Aaaargh the pain!!!!!!!!!!!!!!!!!!!

My friends, there is a BETTER WAY!!!! Tin Can Stove Man can help you to see 
the light and that light is the warm blue
flame of a smoothly purring, light weight tin can stove and it is good!!!!! 
The tin can stove is the answer, the way, the
truth!!!!!!!!!!!!!!!!  It is patented by nobody!! it costs nothing!! it 
weighs nothing!! (weighs in at the amazing weight of 0.4 ounces) it looks 
groovy!!!!!!
And it can be yours for nothing!!!!!!!!!!!!!!!!!!!!!!!!!!!!!!!!!

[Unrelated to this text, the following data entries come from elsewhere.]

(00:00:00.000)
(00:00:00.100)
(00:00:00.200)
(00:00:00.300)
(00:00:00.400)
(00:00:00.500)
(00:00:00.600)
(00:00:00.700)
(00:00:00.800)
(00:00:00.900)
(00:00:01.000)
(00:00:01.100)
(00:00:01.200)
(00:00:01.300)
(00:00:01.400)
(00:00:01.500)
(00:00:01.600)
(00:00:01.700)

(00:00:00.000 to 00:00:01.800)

Yes that's right!!! For the low, low price of $00.00, you can be the proud 
owner of a brand new stove!!! You can be the envy
of your friends and neighbors!!!!!!  Potential sexual partners of the 
appropriate gender and sexual orientation will flock to you in
droves!!!!!!  Tin Can Stove Man knows that some of you are planning on 
starting your 2001 thru-hike with a heavy (aargh!!)
complicated (ug!!!), ugly (ooo!!!), expensive (yuk!!) corporate stove!!! He 
knows from painful experience the heartbreak and
consternation that such a decision can bring, and wants to help you avoid 
the mistakes he made!!!  So here's what you can do:

Send an email to tincanstoveman@hotmail.com  and give him your snail mail 
address.  Using his amazing superpowers, he will
assemble a custom-made tin-can stove and send it to you, along with 
instructions for its care and feeding, for ABSOLUTELY
FREE!!!!!!!!!!!!!!!!  Tin Can Stove Man does this as a service to the 
thru-hiking community and asks nothing in return except
for the satisfaction of knowing that he has prevented the fear and loathing 
that can result from bringing (gasp!) THE WRONG
STOVE!!!!!!!!!!!!!!!!!!!!!!!!   Everyone who writes will get an amazing Tin 
Can Stove, but those who are thru-hiking THIS YEAR are in
SPECIAL DANGER!!!!!!!!!!!!!!!!!!!!!!!!!!!!!!!, so they will have top 
priority in receiving their stoves.  Please let me know if you are about to 
begin a thru-hike, especially if you will be heading out soon!!!

Go ahead punk, let TIN CAN STOVE MAN make your day!!!!!!!!!!!!!  Accept 
nothing less than the best!!!!!!!!!!!!!!
Up, up, and aflame!!!!!!!!!!!!!!!!!!!!!!!!!!